Start of DATA

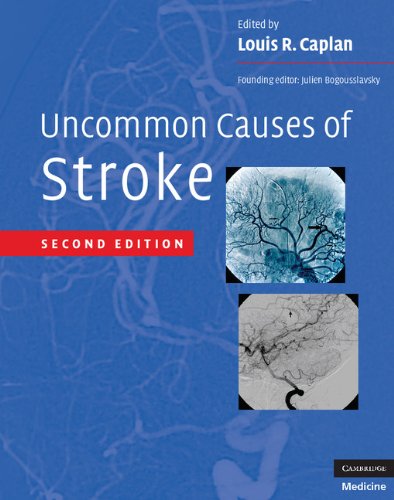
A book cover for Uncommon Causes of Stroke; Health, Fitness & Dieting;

End of DATA
Start of DATA

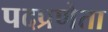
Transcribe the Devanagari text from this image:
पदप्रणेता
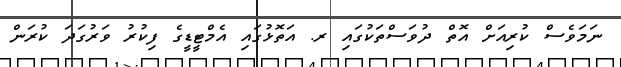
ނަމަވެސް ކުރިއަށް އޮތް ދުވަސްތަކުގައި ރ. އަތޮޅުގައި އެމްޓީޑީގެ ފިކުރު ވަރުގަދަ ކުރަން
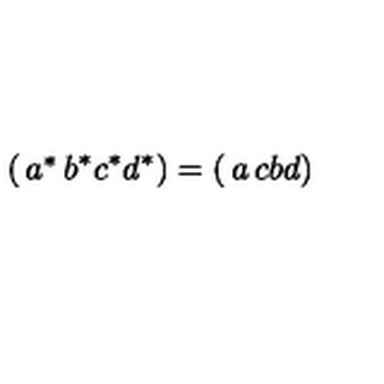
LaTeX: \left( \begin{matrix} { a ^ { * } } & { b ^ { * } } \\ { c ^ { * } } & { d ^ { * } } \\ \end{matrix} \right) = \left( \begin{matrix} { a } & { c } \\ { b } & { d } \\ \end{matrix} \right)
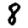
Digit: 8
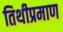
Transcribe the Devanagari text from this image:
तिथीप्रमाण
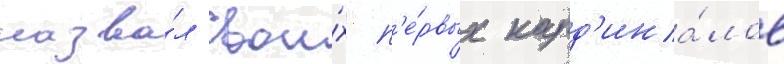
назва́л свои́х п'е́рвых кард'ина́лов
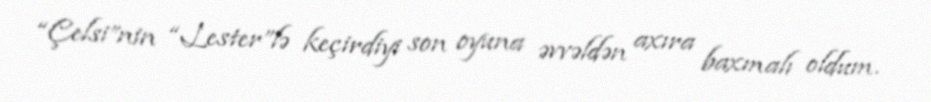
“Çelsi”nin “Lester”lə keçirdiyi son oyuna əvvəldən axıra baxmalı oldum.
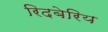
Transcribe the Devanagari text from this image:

End of DATA
Start of DATA

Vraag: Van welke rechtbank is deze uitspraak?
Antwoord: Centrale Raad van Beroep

End of DATA

- _REQUIREMENT_:
What you give back must be the stretch above, starting at the line with "Vraag: Van welke rechtbank is deze uitspraak?" and ending at the line with "Antwoord: Centrale Raad van Beroep", copied exactly.

- _SOLUTION FOR THIS EXERCISE_:
Vraag: Van welke rechtbank is deze uitspraak?
Antwoord: Centrale Raad van Beroep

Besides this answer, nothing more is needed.